Huisarts hielp Beethoven om zeep

Ludwig van Beethoven is in 1827 overleden aan een loodvergiftiging die hij aan z’n behandelend arts Andreas Wawruch te danken had. Dat stelt patholoog Christian Reiter na nauwgezet onderzoek van enkele haren van de beroemde componist.

Als verzachtende omstandigheid mag gelden dat dr. Wawruch onmogelijk kon weten wat hij aanrichtte.

Dat de stoffelijke resten van Beethoven een verdacht hoog loodgehalte vertonen, was al eerder ontdekt. Maar volgens Reiter vertoont het loodgehalte van de haren vier duidelijke pieken.

Terugtellend vanaf Beethovens dood vallen die pieken precies samen met de vier keer dat de componist zich liet behandelen voor vochtophoping (oedeem) in de buikholte. Dr. Wawruch tapte het vocht telkens af en smeerde de wond dan dicht met een loodhoudende zalf.

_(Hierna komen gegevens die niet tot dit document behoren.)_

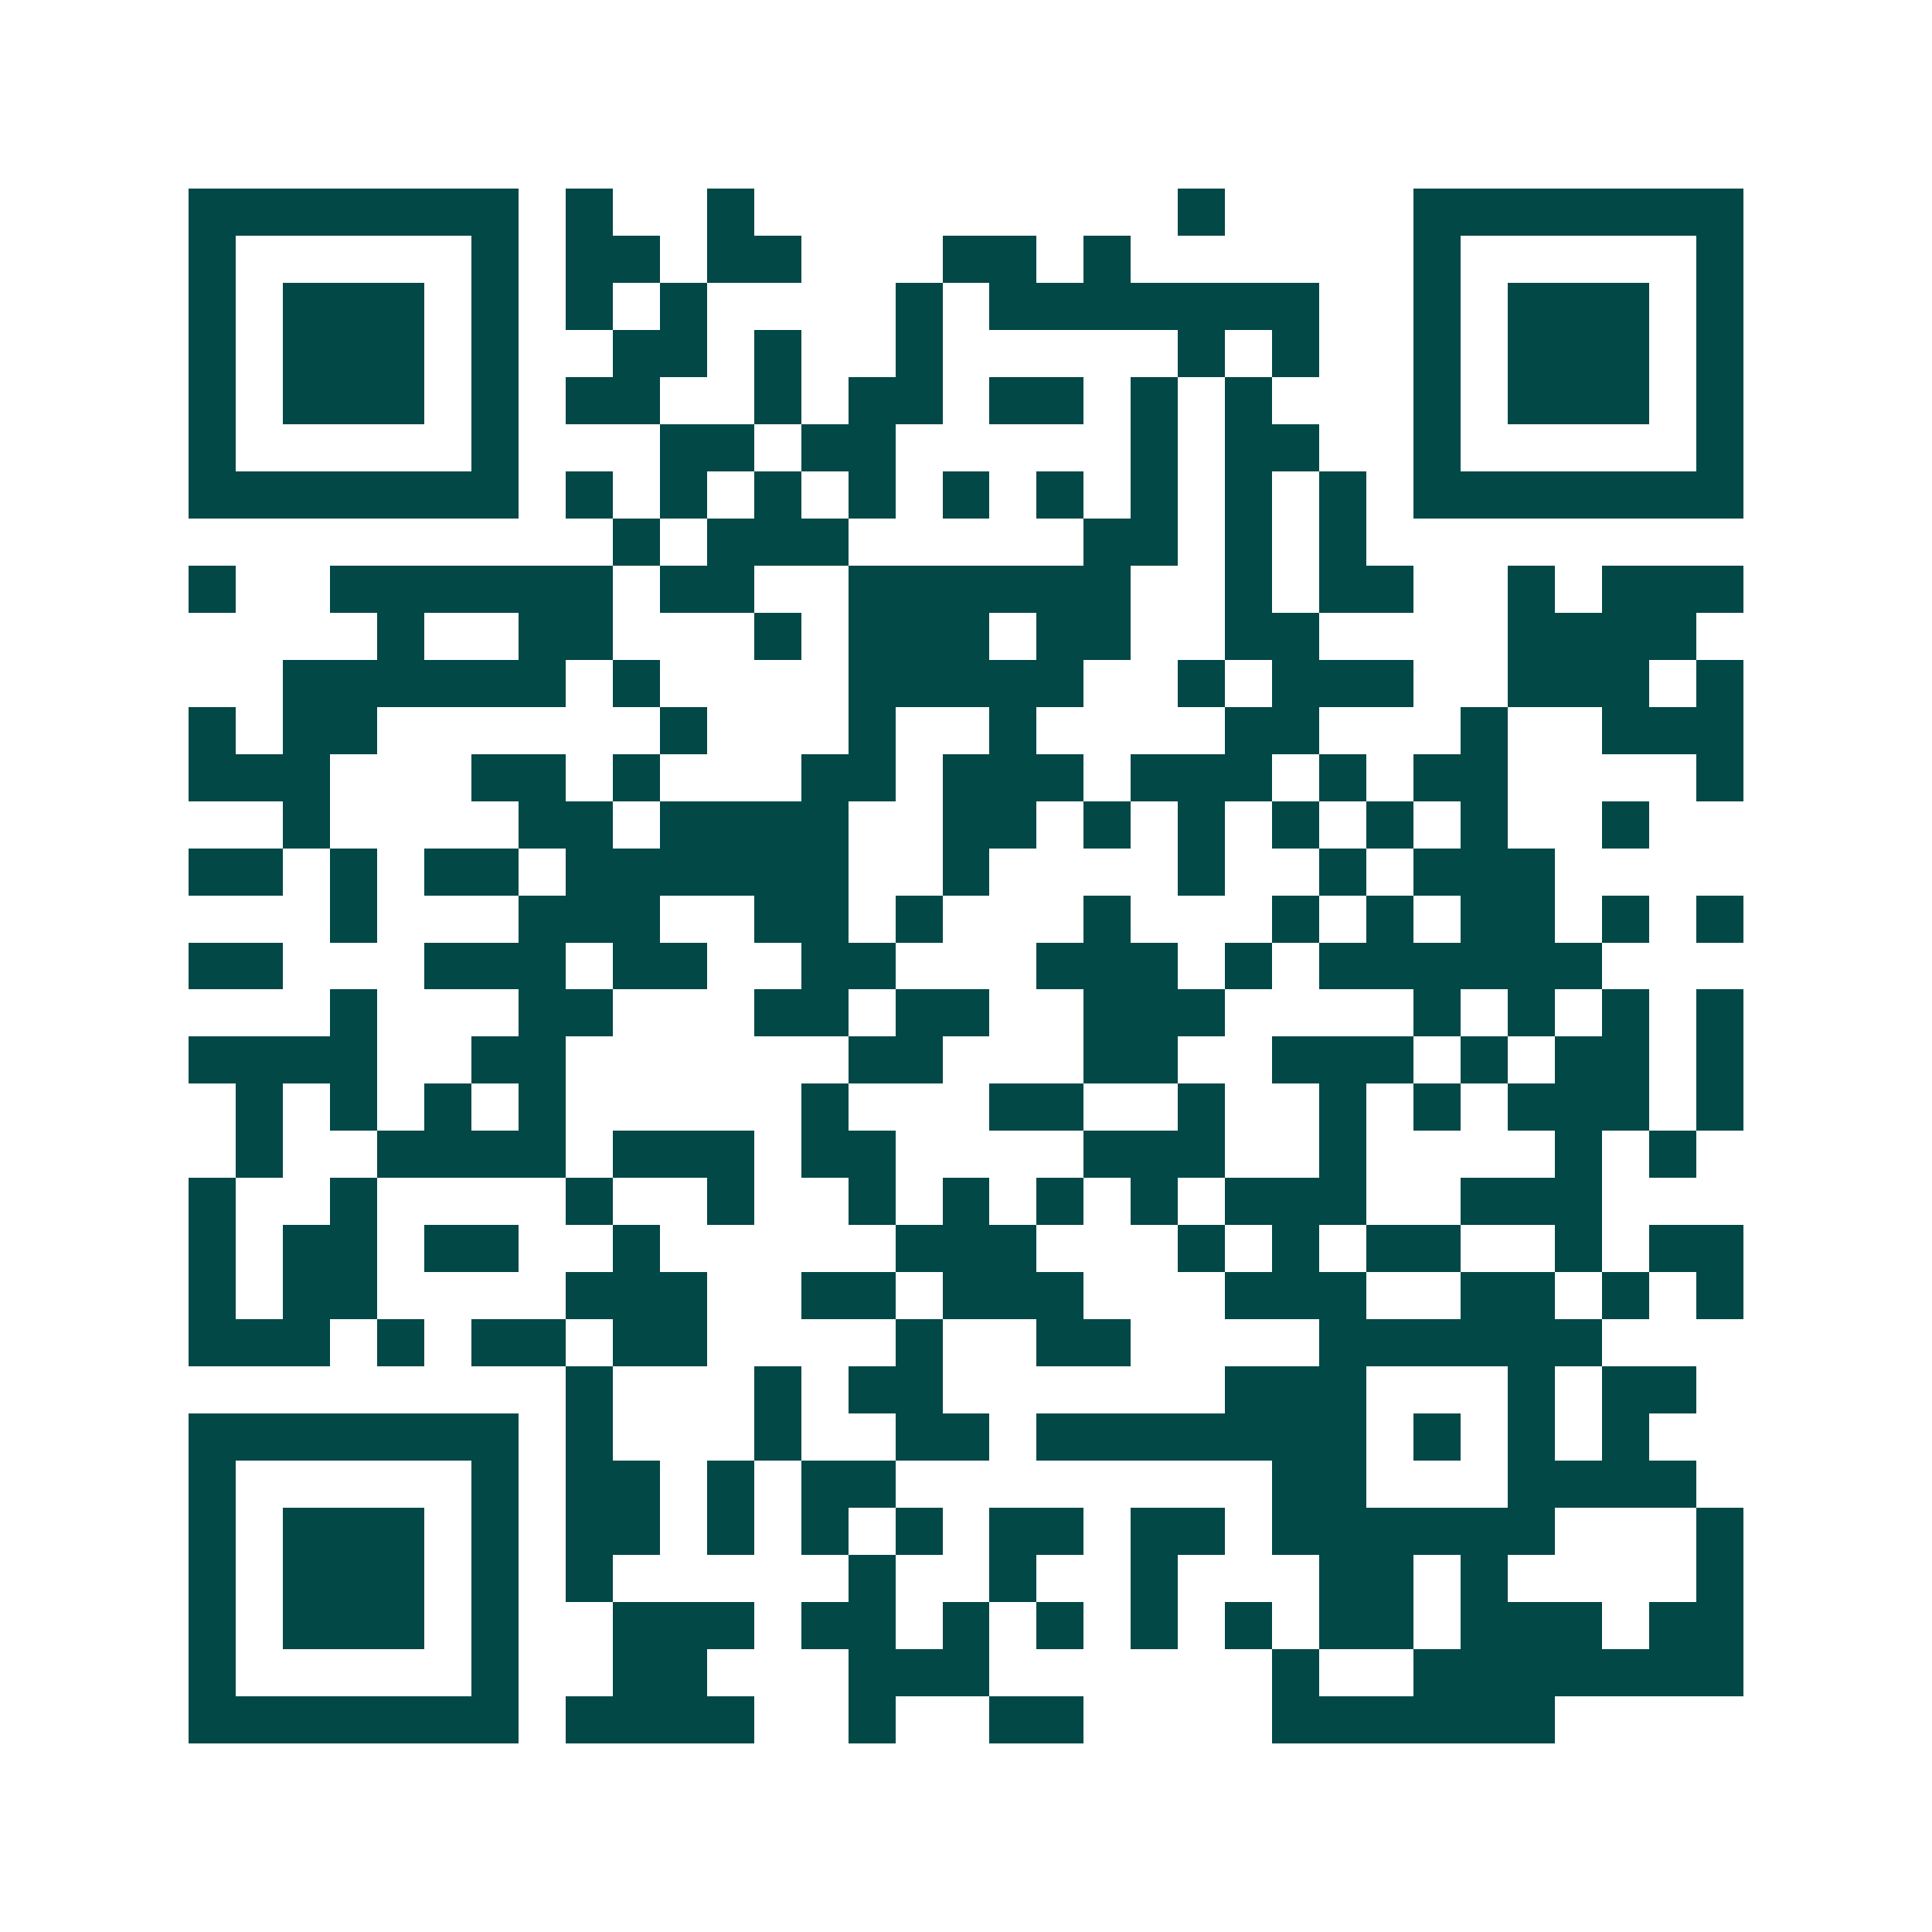 <svg xmlns="http://www.w3.org/2000/svg" width="200" height="200" viewBox="0 0 41 41" shape-rendering="crispEdges"><path fill="#ffffff" d="M0 0h41v41H0z"/><path stroke="#014847" d="M4 4.5h7m1 0h1m2 0h1m9 0h1m4 0h7M4 5.5h1m5 0h1m1 0h2m1 0h2m3 0h2m1 0h1m6 0h1m5 0h1M4 6.5h1m1 0h3m1 0h1m1 0h1m1 0h1m4 0h1m1 0h7m2 0h1m1 0h3m1 0h1M4 7.5h1m1 0h3m1 0h1m2 0h2m1 0h1m2 0h1m5 0h1m1 0h1m2 0h1m1 0h3m1 0h1M4 8.5h1m1 0h3m1 0h1m1 0h2m2 0h1m1 0h2m1 0h2m1 0h1m1 0h1m3 0h1m1 0h3m1 0h1M4 9.5h1m5 0h1m3 0h2m1 0h2m5 0h1m1 0h2m2 0h1m5 0h1M4 10.5h7m1 0h1m1 0h1m1 0h1m1 0h1m1 0h1m1 0h1m1 0h1m1 0h1m1 0h1m1 0h7M13 11.5h1m1 0h3m5 0h2m1 0h1m1 0h1M4 12.5h1m2 0h6m1 0h2m2 0h6m2 0h1m1 0h2m2 0h1m1 0h3M8 13.5h1m2 0h2m3 0h1m1 0h3m1 0h2m2 0h2m4 0h4M6 14.5h6m1 0h1m4 0h5m2 0h1m1 0h3m2 0h3m1 0h1M4 15.5h1m1 0h2m6 0h1m3 0h1m2 0h1m4 0h2m3 0h1m2 0h3M4 16.5h3m3 0h2m1 0h1m3 0h2m1 0h3m1 0h3m1 0h1m1 0h2m4 0h1M6 17.5h1m4 0h2m1 0h4m2 0h2m1 0h1m1 0h1m1 0h1m1 0h1m1 0h1m2 0h1M4 18.5h2m1 0h1m1 0h2m1 0h6m2 0h1m4 0h1m2 0h1m1 0h3M7 19.5h1m3 0h3m2 0h2m1 0h1m3 0h1m3 0h1m1 0h1m1 0h2m1 0h1m1 0h1M4 20.5h2m3 0h3m1 0h2m2 0h2m3 0h3m1 0h1m1 0h6M7 21.5h1m3 0h2m3 0h2m1 0h2m2 0h3m4 0h1m1 0h1m1 0h1m1 0h1M4 22.5h4m2 0h2m6 0h2m3 0h2m2 0h3m1 0h1m1 0h2m1 0h1M5 23.5h1m1 0h1m1 0h1m1 0h1m5 0h1m3 0h2m2 0h1m2 0h1m1 0h1m1 0h3m1 0h1M5 24.5h1m2 0h4m1 0h3m1 0h2m4 0h3m2 0h1m4 0h1m1 0h1M4 25.5h1m2 0h1m4 0h1m2 0h1m2 0h1m1 0h1m1 0h1m1 0h1m1 0h3m2 0h3M4 26.5h1m1 0h2m1 0h2m2 0h1m5 0h3m3 0h1m1 0h1m1 0h2m2 0h1m1 0h2M4 27.5h1m1 0h2m4 0h3m2 0h2m1 0h3m3 0h3m2 0h2m1 0h1m1 0h1M4 28.5h3m1 0h1m1 0h2m1 0h2m4 0h1m2 0h2m4 0h6M12 29.5h1m3 0h1m1 0h2m6 0h3m3 0h1m1 0h2M4 30.5h7m1 0h1m3 0h1m2 0h2m1 0h7m1 0h1m1 0h1m1 0h1M4 31.5h1m5 0h1m1 0h2m1 0h1m1 0h2m8 0h2m3 0h4M4 32.5h1m1 0h3m1 0h1m1 0h2m1 0h1m1 0h1m1 0h1m1 0h2m1 0h2m1 0h6m3 0h1M4 33.5h1m1 0h3m1 0h1m1 0h1m5 0h1m2 0h1m2 0h1m3 0h2m1 0h1m4 0h1M4 34.5h1m1 0h3m1 0h1m2 0h3m1 0h2m1 0h1m1 0h1m1 0h1m1 0h1m1 0h2m1 0h3m1 0h2M4 35.5h1m5 0h1m2 0h2m3 0h3m6 0h1m2 0h7M4 36.5h7m1 0h4m2 0h1m2 0h2m4 0h6"/></svg>

Op zich zou die zalf niet dodelijk zijn geweest. Maar wat dr. Wawruch niet kon weten was dat Beethoven al jaren eerder een loodvergiftiging had opgelopen, mogelijk doordat hij in een kuuroord teveel loodhoudend mineraalwater gedronken had. Voor zijn zieke lever was de extra dosis lood de genadeklap, denkt Reiter.